2. A connector according to claim 1, wherein said sealed beam is L-shaped.
3. A connector according to claim 1, wherein, when the connector is
connected, the circumference of the signal terminal is surrounded by the
ground terminals and ground pins of opposing parts such that
electromagnetic waves emitted from the signal terminals are shielded.
4. A connector according to claim 3, wherein said ground terminal and said
ground pin cross at an right angle.
5. A ground terminal for an electrical connector, the ground terminal
comprising an elongated metal plate with an end having a generally planar
part with a first side edge and two generally parallel second side edges
that are each spaced a different distance from the first side edge, a
first contact portion of the metal plate being bent at one of the second
side edges to be generally perpendicular to a plane of the planar part, a
second contact portion of the metal plate being bent at the other of the
second side edges to be generally perpendicular to the plane of the planar
part, the first and second contact portions being juxtaposed to receive a
ground pin therebetween.
6. The ground terminal of claim 5, wherein the second contact portion is
shorter than the first contact portion, a further edge of the planar part
that connects the two second side edges defining a depth of the ground
terminal.
Description
BACKGROUND OF THE INVENTION
1. Field of the Invention
The present invention relates to a connector and particularly relates to a
connector comprising a plurality of signal terminals for transmitting
electric signals and a plurality of ground terminals disposed so as to
surround the signal terminals and both the signal and ground terminals are
arranged in a zigzag manner, and to a method of shielding the signal
terminals.
The present application is based on Patent Application No. Hei 10-060045
filed in Japan, the contents of which are incorporated herein by
reference.
2. Background Art
Conventionally, connectors for mutually connecting bases for transferring
high frequency signals or for mutually connecting bases and cables are
constructed with a plurality of signal terminals and the ground terminals.
In general, those ground terminals are normally disposed around the signal
terminals to form a pseudo coaxial structure. Such a structure is
advantageous in improving the transmission properties of the high
frequency signal and in suppressing crosstalk.
FIG. 9 shows a perspective view of a terminal 20 used for the above
mentioned connector, and it is general to commonly use this terminal 20
for the signal terminals as well as for ground terminals.
However, in a connector having such a simple terminal, such as the terminal
shown in FIG. 9, if the signal frequency passing the connector becomes
high, the amount of electromagnetic radiation emitted from the signal
terminals increases, which results in causing crosstalk in adjacent signal
terminals.
In contrast, the connector, proposed in the Japanese Patent Application,
First Publication No. Hei 7-211404 is provided with a ground terminal with
a modified shape, which shields electromagnetic waves emitted from each
signal terminal, in order to suppress generation of crosstalk. In this
case, however, the shape of the ground terminals is modified so as to be
able to shield the electromagnetic waves emitted from the signal terminals
for eliminating the generation of crosstalk. However, in this ground
terminal, only the shape for connecting it with the base is modified, and
the structure inside the connector (inside the housing) remains simple.

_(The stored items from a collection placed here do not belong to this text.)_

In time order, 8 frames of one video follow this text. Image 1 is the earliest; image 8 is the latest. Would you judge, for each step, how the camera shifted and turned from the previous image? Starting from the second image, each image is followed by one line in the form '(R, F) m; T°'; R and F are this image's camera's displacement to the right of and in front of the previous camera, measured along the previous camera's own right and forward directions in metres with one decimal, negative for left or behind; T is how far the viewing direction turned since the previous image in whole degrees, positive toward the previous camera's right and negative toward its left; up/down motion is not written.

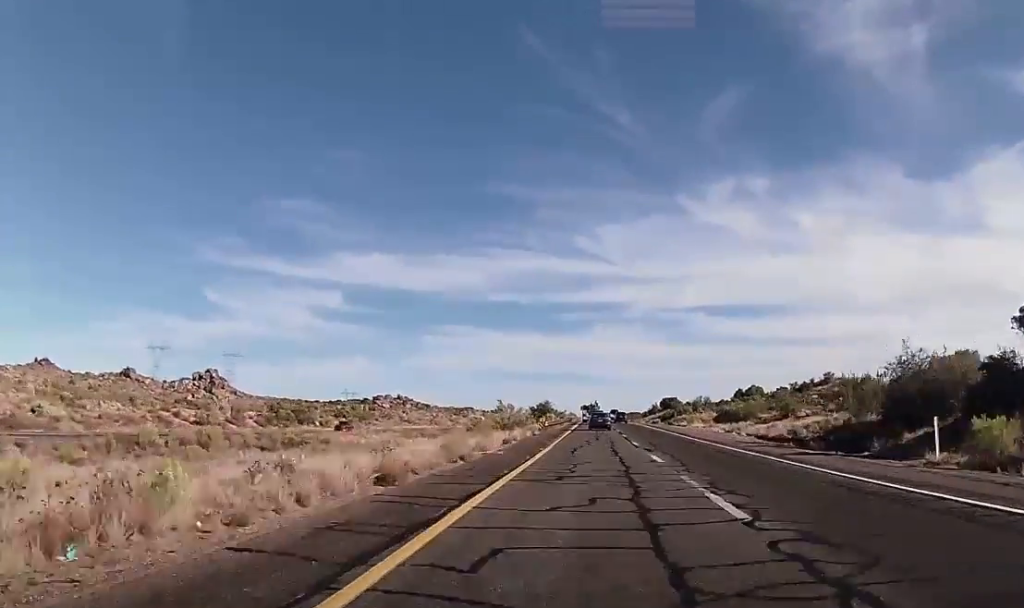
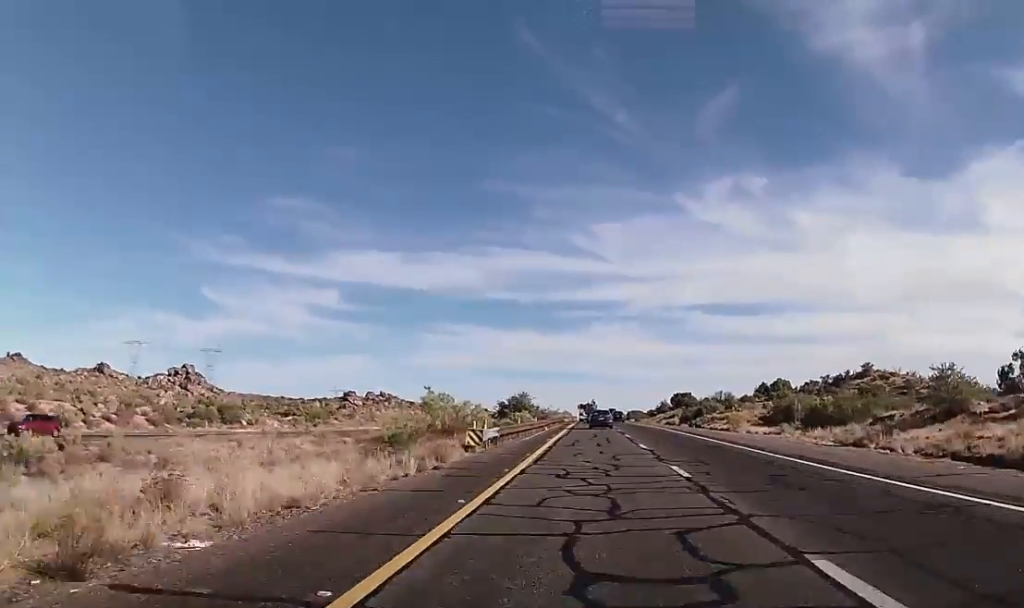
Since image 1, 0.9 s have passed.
(0.0, +30.5) m; 0°
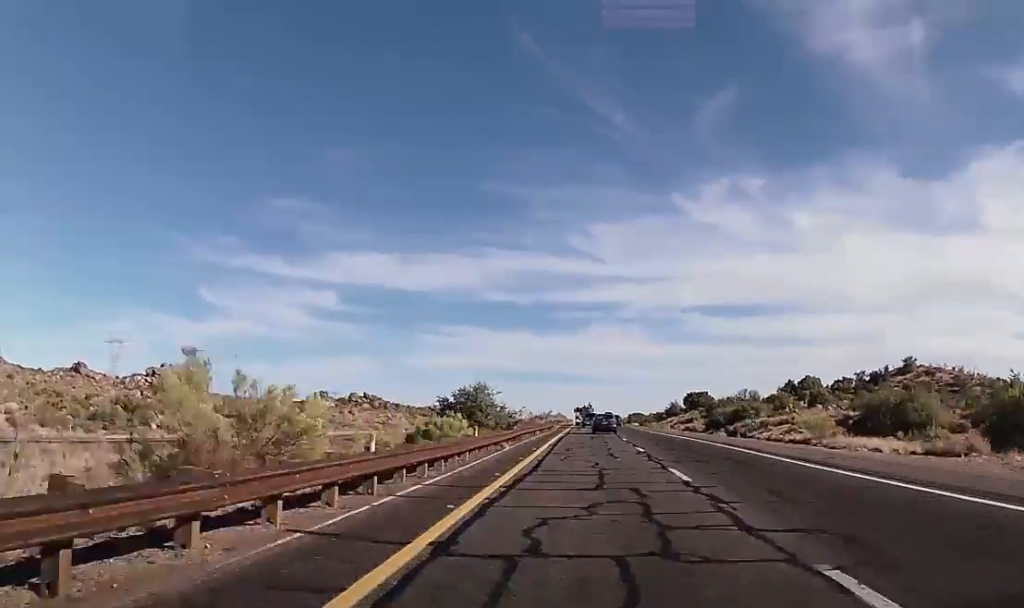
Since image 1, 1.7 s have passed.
(-0.1, +24.8) m; 0°
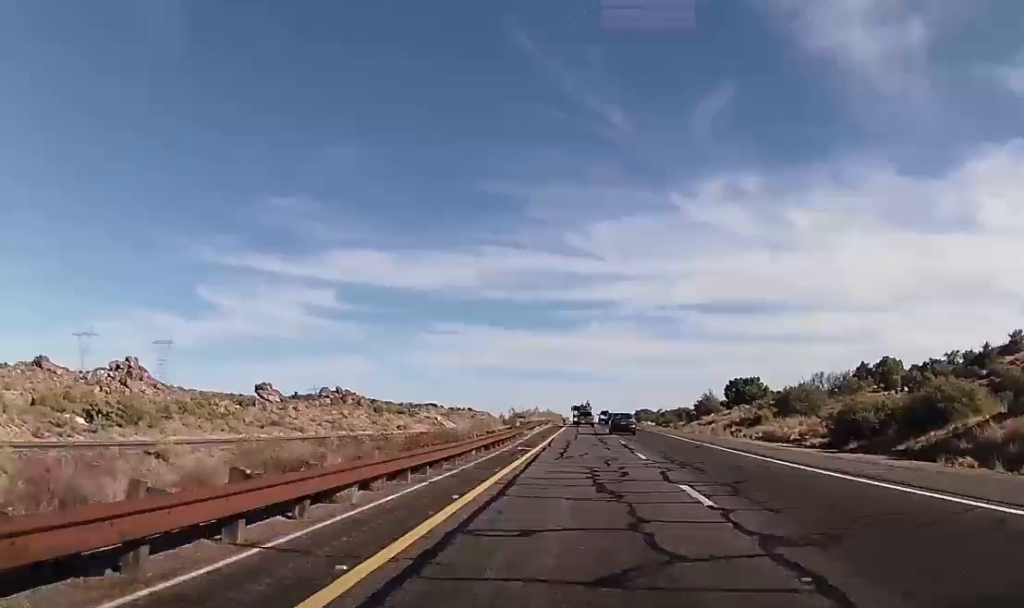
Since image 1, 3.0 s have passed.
(+0.1, +40.7) m; 0°
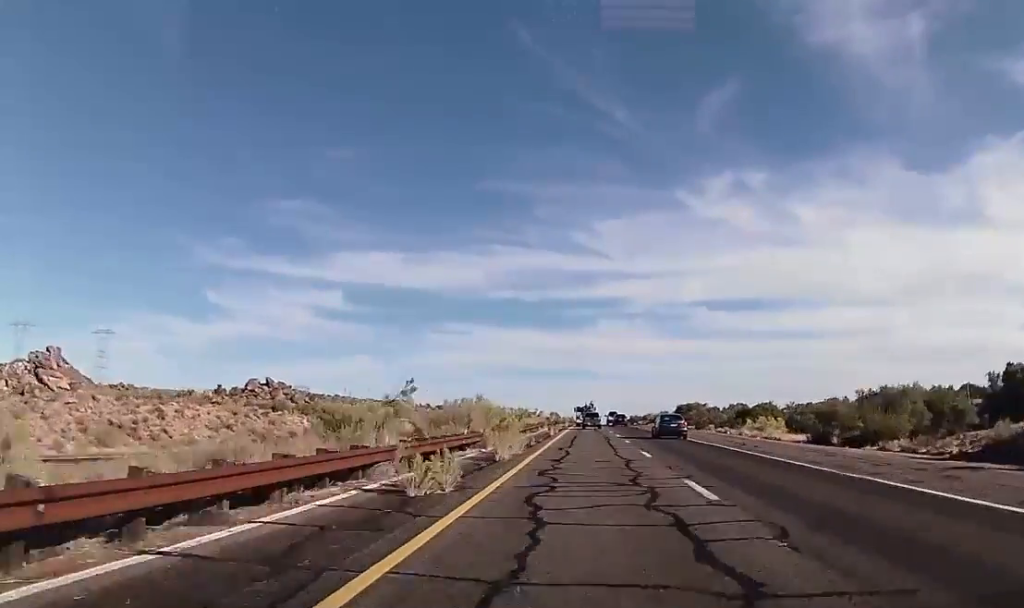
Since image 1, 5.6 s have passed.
(+0.6, +84.0) m; 0°
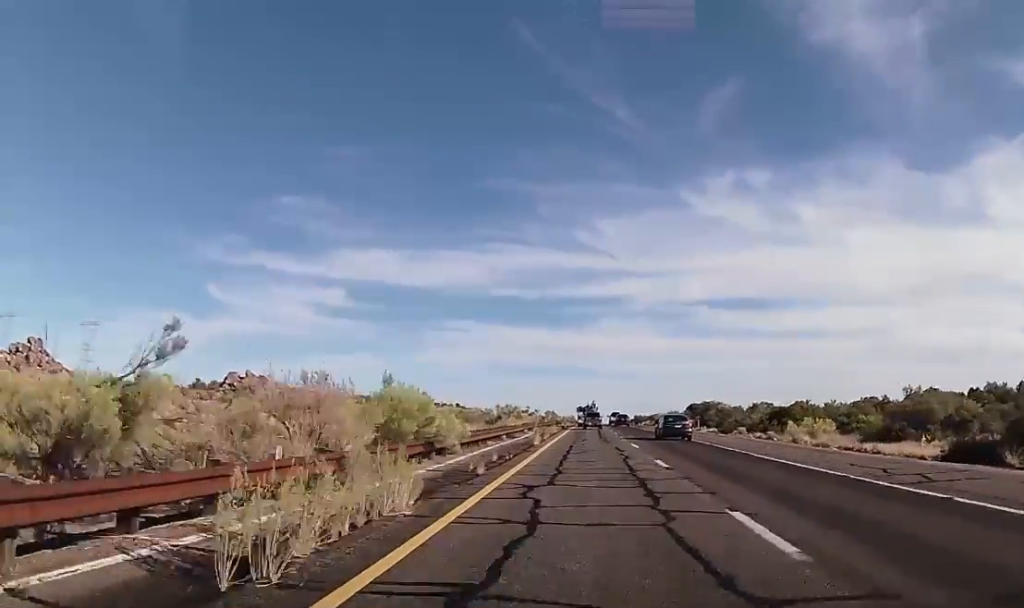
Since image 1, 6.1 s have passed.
(-0.2, +17.1) m; -1°
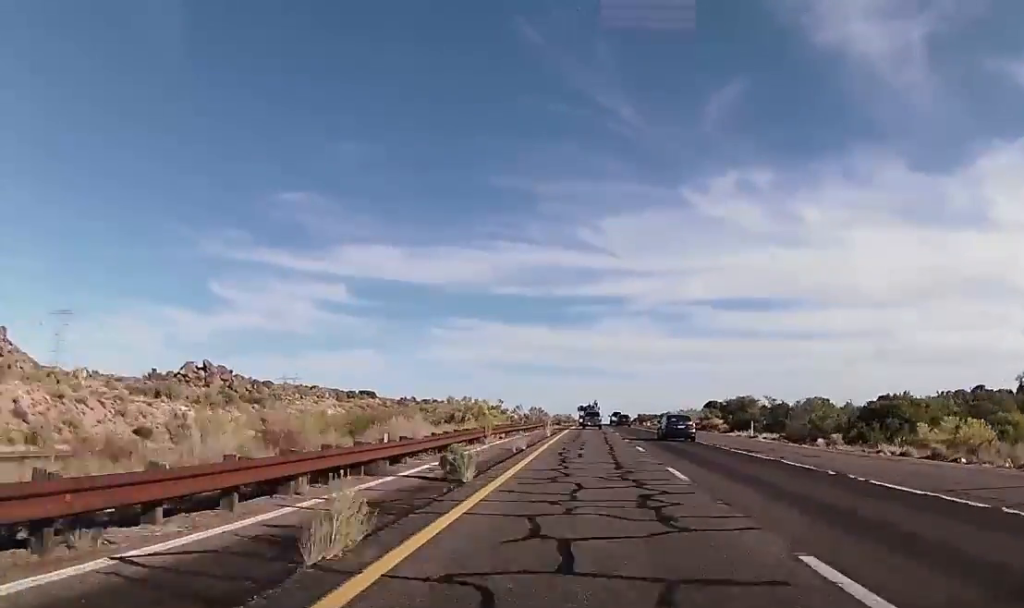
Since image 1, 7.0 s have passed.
(-0.2, +27.9) m; -1°
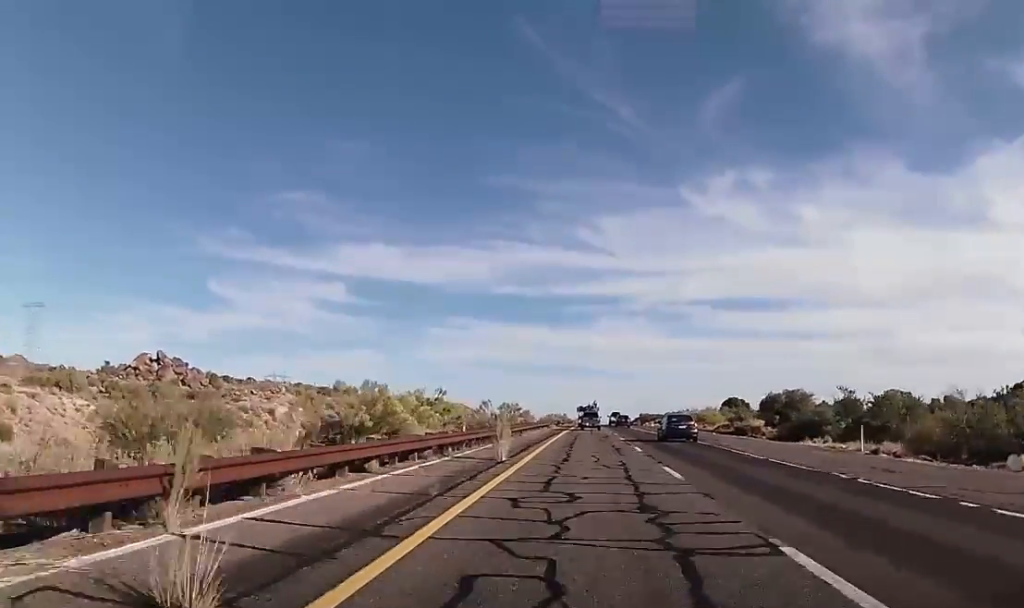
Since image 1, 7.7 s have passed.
(-0.1, +23.5) m; 0°

Thus, since the electromagnetic radiation still passes through a tulip
like open portion, sufficient shielding of radiation and sufficient
removal of crosstalk is not realized by that connector. It is also
difficult from the manufacturing point of view to form the portion bent at
an right angle to the base connecting side so as to be able to effectively
shield the radiation.
It is therefore the object of the present invention to provide a connector
with a simple structure and also provide a method for shielding the signal
terminals so as to shield the electromagnetic radiation even in inside of
the connector to ensure prevention of problems such as crosstalk.
SUMMARY OF THE INVENTION
According to the first aspect of the present invention, the present
invention provides a connector comprising a plurality of signal terminals
for transmitting electric signals and a plurality of ground terminals for
grounding disposed so as to surround the signal terminals and both signal
terminals and ground terminals being arranged in a zigzag manner, wherein
said ground terminals are provided with a plate-like sealed beam
projecting in the direction of the front end of the connected portion; a
sub-beam formed bent at right angle from the base position of said sealed
beam towards its point and extending in parallel with said sealed beam
without interfering with said sealed beam; and a main beam extending in
parallel with said sealed beam and bent at an right angle in the same
direction as the sub-beam, such that the shape of the connector is
F-shaped, when viewed from the direction of connecting portion.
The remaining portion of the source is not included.